Records provided:
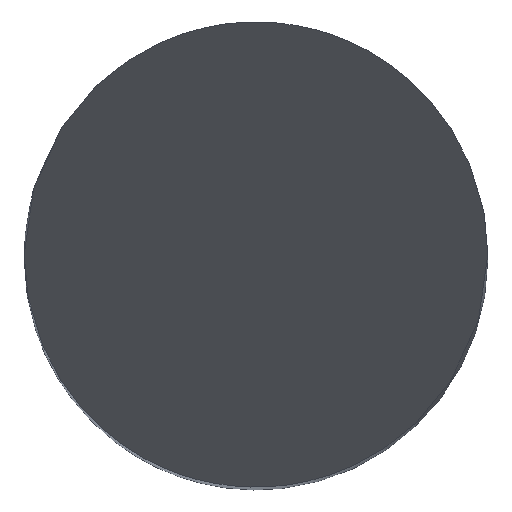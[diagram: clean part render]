
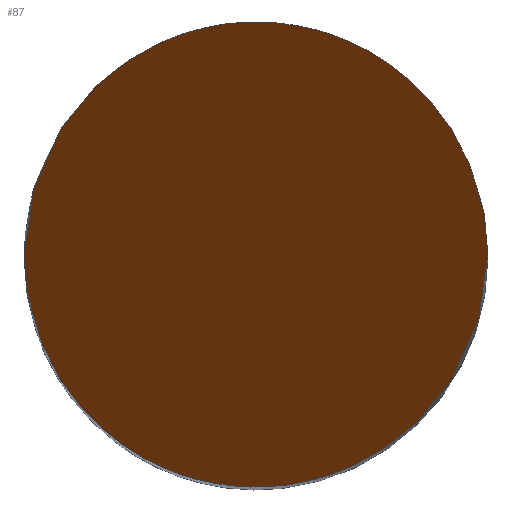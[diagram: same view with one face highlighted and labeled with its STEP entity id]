
A CAD part, top view. The second image highlights one B-rep face of the part: STEP entity #87.
In plain terms, the highlighted planar face has unit normal (0, -0.866, 0.5).
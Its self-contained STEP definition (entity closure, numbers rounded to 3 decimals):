
#58=PLANE('',#570);
#87=ADVANCED_FACE('',(#125),#58,.F.);
#125=FACE_OUTER_BOUND('',#155,.T.);
#155=EDGE_LOOP('',(#283,#284));
#178=(
BOUNDED_CURVE()
B_SPLINE_CURVE(3,(#731,#732,#733,#734),.UNSPECIFIED.,.F.,.F.)
B_SPLINE_CURVE_WITH_KNOTS((4,4),(0.,1.),.UNSPECIFIED.)
CURVE()
GEOMETRIC_REPRESENTATION_ITEM()
RATIONAL_B_SPLINE_CURVE((1.,0.333,0.333,1.))
REPRESENTATION_ITEM('')
);
#179=(
BOUNDED_CURVE()
B_SPLINE_CURVE(3,(#757,#758,#759,#760),.UNSPECIFIED.,.F.,.F.)
B_SPLINE_CURVE_WITH_KNOTS((4,4),(0.,1.),.UNSPECIFIED.)
CURVE()
GEOMETRIC_REPRESENTATION_ITEM()
RATIONAL_B_SPLINE_CURVE((1.,0.333,0.333,1.))
REPRESENTATION_ITEM('')
);
#283=ORIENTED_EDGE('',*,*,#361,.F.);
#284=ORIENTED_EDGE('',*,*,#365,.F.);
#319=VERTEX_POINT('',#729);
#321=VERTEX_POINT('',#735);
#361=EDGE_CURVE('',#319,#321,#178,.T.);
#365=EDGE_CURVE('',#321,#319,#179,.T.);
#570=AXIS2_PLACEMENT_3D('',#975,#670,#671);
#670=DIRECTION('',(0.,0.866,-0.5));
#671=DIRECTION('',(0.,0.5,0.866));
#729=CARTESIAN_POINT('',(-2.,0.,0.));
#731=CARTESIAN_POINT('',(-2.,0.,0.));
#732=CARTESIAN_POINT('',(-2.,4.,6.928));
#733=CARTESIAN_POINT('',(2.,4.,6.928));
#734=CARTESIAN_POINT('',(2.,0.,0.));
#735=CARTESIAN_POINT('',(2.,0.,0.));
#757=CARTESIAN_POINT('',(2.,0.,0.));
#758=CARTESIAN_POINT('',(2.,-4.,-6.928));
#759=CARTESIAN_POINT('',(-2.,-4.,-6.928));
#760=CARTESIAN_POINT('',(-2.,0.,0.));
#975=CARTESIAN_POINT('',(2.,2.,3.464));
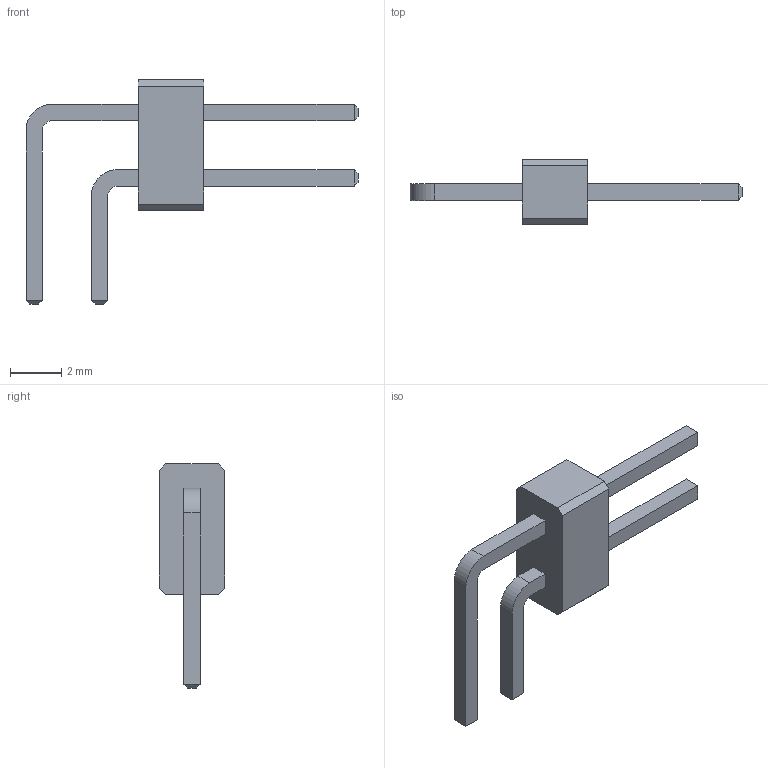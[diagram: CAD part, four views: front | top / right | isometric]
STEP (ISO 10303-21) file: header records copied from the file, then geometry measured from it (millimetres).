
FILE_DESCRIPTION(/* description */ ('model of Pin_Header_Angled_2x01_Pitch2.54mm'),/* implementation_level */ '2;1');
FILE_NAME(/* name */ 'Pin_Header_Angled_2x01_Pitch2.54mm.step',/* time_stamp */ '2017-06-29T09:39:04',/* author */ ('kicad StepUp','ksu'),/* organization */ ('FreeCAD'),/* preprocessor_version */ 'OCC',/* originating_system */ 'kicad StepUp',/* authorisation */ '');
FILE_SCHEMA(('AUTOMOTIVE_DESIGN_CC2 { 1 2 10303 214 -1 1 5 4 }'));
Length unit declared in the file: millimetre
Products named in the file (1): Pin_Header_Angled_2x01_Pitch254mm
Bounding box: 12.9 x 2.54 x 8.72 mm (x, y, z)
Volume: 44.4 mm3; surface area: 136.7 mm2
Topology: 1 solids, 1 shells, 54 faces, 128 edges, 80 vertices
Faces by surface type: plane 50, cylinder 4
Entity records: 1903 total; most frequent: CARTESIAN_POINT 263, ORIENTED_EDGE 256, DIRECTION 246, EDGE_CURVE 128, LINE 120, VECTOR 120, VERTEX_POINT 80, AXIS2_PLACEMENT_3D 63
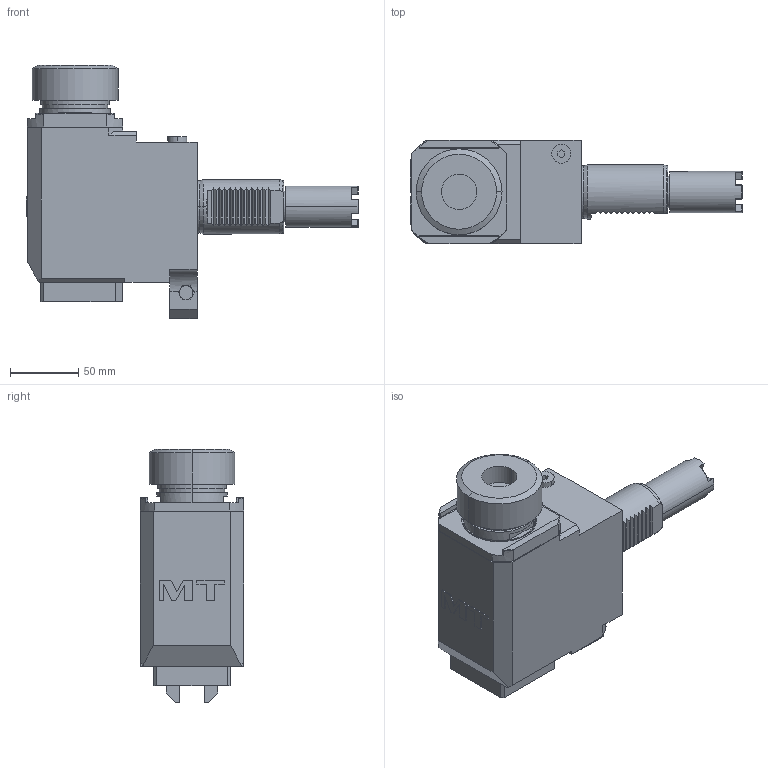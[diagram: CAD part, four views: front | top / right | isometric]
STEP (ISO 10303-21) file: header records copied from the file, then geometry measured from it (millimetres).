
FILE_DESCRIPTION((''),'2;1');
FILE_NAME('HAS0140240_CONF','2024-12-18T16:02:58',('fpalella'),('M.T. srl'),'CREO PARAMETRIC BY PTC INC, 2023352','CREO PARAMETRIC BY PTC INC, 2023352','');
FILE_SCHEMA(('CONFIG_CONTROL_DESIGN'));
Length unit declared in the file: millimetre
Products named in the file (1): HAS0140240_CONF
Bounding box: 243.55 x 76 x 185.66 mm (x, y, z)
Volume: 1310547 mm3; surface area: 104517 mm2
Topology: 1 solids, 1 shells, 338 faces, 889 edges, 576 vertices
Faces by surface type: plane 189, cylinder 90, cone 46, torus 11, extrusion 2
Entity records: 11711 total; most frequent: CARTESIAN_POINT 3543, ORIENTED_EDGE 1778, DIRECTION 1571, EDGE_CURVE 889, VERTEX_POINT 576, AXIS2_PLACEMENT_3D 552, VECTOR 467, LINE 465
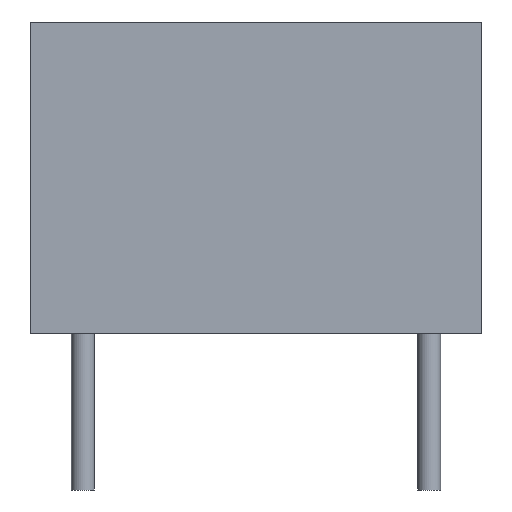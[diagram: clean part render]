
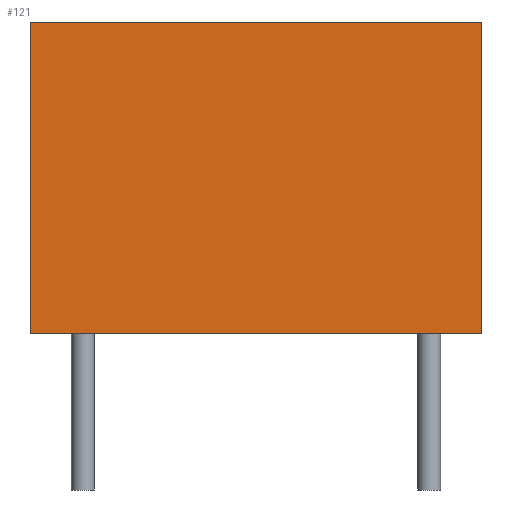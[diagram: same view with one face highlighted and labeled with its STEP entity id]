
A CAD part, front view. The second image highlights one B-rep face of the part: STEP entity #121.
In plain terms, the highlighted planar face has unit normal (0, -1, 0).
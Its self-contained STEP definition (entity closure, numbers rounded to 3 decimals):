
#121 = ADVANCED_FACE('',(#122),#156,.T.);
#122 = FACE_BOUND('',#123,.T.);
#123 = EDGE_LOOP('',(#124,#134,#142,#150));
#124 = ORIENTED_EDGE('',*,*,#125,.F.);
#125 = EDGE_CURVE('',#126,#128,#130,.T.);
#126 = VERTEX_POINT('',#127);
#127 = CARTESIAN_POINT('',(6.502,-1.994,0.));
#128 = VERTEX_POINT('',#129);
#129 = CARTESIAN_POINT('',(-6.502,-1.994,0.));
#130 = LINE('',#131,#132);
#131 = CARTESIAN_POINT('',(6.502,-1.994,0.));
#132 = VECTOR('',#133,1.);
#133 = DIRECTION('',(-1.,0.,0.));
#134 = ORIENTED_EDGE('',*,*,#135,.F.);
#135 = EDGE_CURVE('',#136,#126,#138,.T.);
#136 = VERTEX_POINT('',#137);
#137 = CARTESIAN_POINT('',(6.502,-1.994,8.992));
#138 = LINE('',#139,#140);
#139 = CARTESIAN_POINT('',(6.502,-1.994,8.992));
#140 = VECTOR('',#141,1.);
#141 = DIRECTION('',(0.,0.,-1.));
#142 = ORIENTED_EDGE('',*,*,#143,.F.);
#143 = EDGE_CURVE('',#144,#136,#146,.T.);
#144 = VERTEX_POINT('',#145);
#145 = CARTESIAN_POINT('',(-6.502,-1.994,8.992));
#146 = LINE('',#147,#148);
#147 = CARTESIAN_POINT('',(-6.502,-1.994,8.992));
#148 = VECTOR('',#149,1.);
#149 = DIRECTION('',(1.,0.,0.));
#150 = ORIENTED_EDGE('',*,*,#151,.F.);
#151 = EDGE_CURVE('',#128,#144,#152,.T.);
#152 = LINE('',#153,#154);
#153 = CARTESIAN_POINT('',(-6.502,-1.994,0.));
#154 = VECTOR('',#155,1.);
#155 = DIRECTION('',(0.,0.,1.));
#156 = PLANE('',#157);
#157 = AXIS2_PLACEMENT_3D('',#158,#159,#160);
#158 = CARTESIAN_POINT('',(-6.502,-1.994,0.));
#159 = DIRECTION('',(0.,-1.,0.));
#160 = DIRECTION('',(0.,0.,1.));
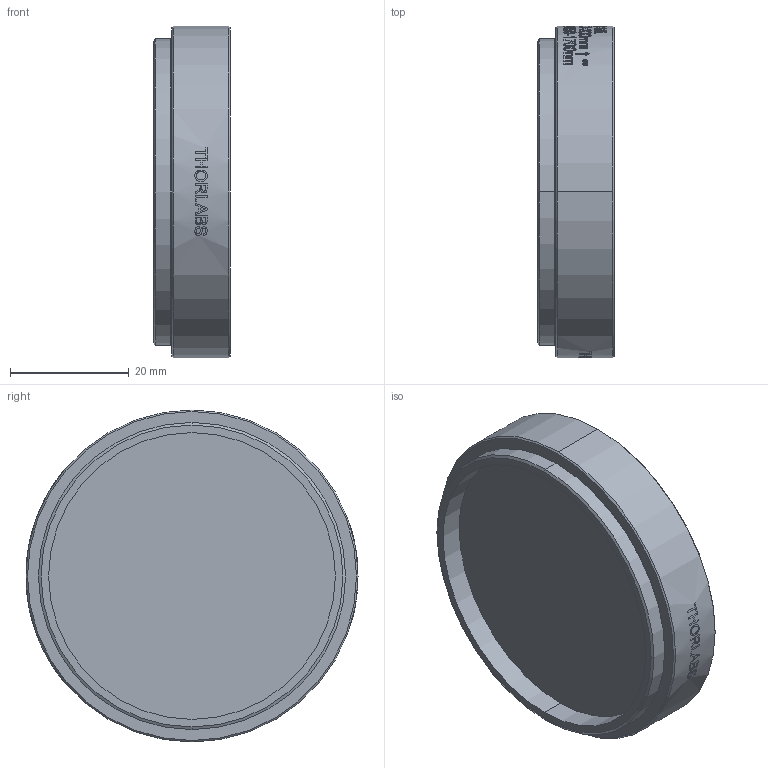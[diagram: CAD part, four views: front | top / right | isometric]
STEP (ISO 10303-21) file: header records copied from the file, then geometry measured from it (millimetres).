
FILE_DESCRIPTION (( 'STEP AP203' ), '1' );
FILE_NAME ('TTN039675-E0W.STEP', '2015-11-13T21:15:21', ( 'admin' ), ( '' ), 'SwSTEP 2.0', 'SolidWorks 2014', '' );
FILE_SCHEMA (( 'CONFIG_CONTROL_DESIGN' ));
Length unit declared in the file: inch
Products named in the file (1): TTN039675-E0W
Bounding box: 12.95 x 55.88 x 55.88 mm (x, y, z)
Volume: 14449.7 mm3; surface area: 11370.5 mm2
Topology: 3 solids, 3 shells, 149 faces, 830 edges, 781 vertices
Faces by surface type: cylinder 109, cone 22, plane 16, sphere 2
Entity records: 16062 total; most frequent: CARTESIAN_POINT 9534, ORIENTED_EDGE 1660, DIRECTION 970, EDGE_CURVE 830, VERTEX_POINT 781, B_SPLINE_CURVE_WITH_KNOTS 402, AXIS2_PLACEMENT_3D 392, EDGE_LOOP 247

Activity:
Return exactly the lines above, from the one with "#731=CARTESIAN_POINT('',(-2.,0.,0.));" up to and including the one with "PTC INC, 2023352','');", and include no pictures.

Answer section:
#731=CARTESIAN_POINT('',(-2.,0.,0.));
#732=CARTESIAN_POINT('',(-2.,4.,6.928));
#733=CARTESIAN_POINT('',(2.,4.,6.928));
#734=CARTESIAN_POINT('',(2.,0.,0.));
#735=CARTESIAN_POINT('',(2.,0.,0.));
#757=CARTESIAN_POINT('',(2.,0.,0.));
#758=CARTESIAN_POINT('',(2.,-4.,-6.928));
#759=CARTESIAN_POINT('',(-2.,-4.,-6.928));
#760=CARTESIAN_POINT('',(-2.,0.,0.));
#975=CARTESIAN_POINT('',(2.,2.,3.464));
[diagram: CAD part, four views: front | top / right | isometric]
STEP (ISO 10303-21) file: header records copied from the file, then geometry measured from it (millimetres).
FILE_DESCRIPTION(/* description */ ('model of Pin_Header_Angled_2x01_Pitch2.54mm'),/* implementation_level */ '2;1');
FILE_NAME(/* name */ 'Pin_Header_Angled_2x01_Pitch2.54mm.step',/* time_stamp */ '2017-06-29T09:39:04',/* author */ ('kicad StepUp','ksu'),/* organization */ ('FreeCAD'),/* preprocessor_version */ 'OCC',/* originating_system */ 'kicad StepUp',/* authorisation */ '');
FILE_SCHEMA(('AUTOMOTIVE_DESIGN_CC2 { 1 2 10303 214 -1 1 5 4 }'));
Length unit declared in the file: millimetre
Products named in the file (1): Pin_Header_Angled_2x01_Pitch254mm
Bounding box: 12.9 x 2.54 x 8.72 mm (x, y, z)
Volume: 44.4 mm3; surface area: 136.7 mm2
Topology: 1 solids, 1 shells, 54 faces, 128 edges, 80 vertices
Faces by surface type: plane 50, cylinder 4
Entity records: 1903 total; most frequent: CARTESIAN_POINT 263, ORIENTED_EDGE 256, DIRECTION 246, EDGE_CURVE 128, LINE 120, VECTOR 120, VERTEX_POINT 80, AXIS2_PLACEMENT_3D 63
[diagram: CAD part, four views: front | top / right | isometric]
STEP (ISO 10303-21) file: header records copied from the file, then geometry measured from it (millimetres).
FILE_DESCRIPTION((''),'2;1');
FILE_NAME('HAS0140240_CONF','2024-12-18T16:02:58',('fpalella'),('M.T. srl'),'CREO PARAMETRIC BY PTC INC, 2023352','CREO PARAMETRIC BY PTC INC, 2023352','');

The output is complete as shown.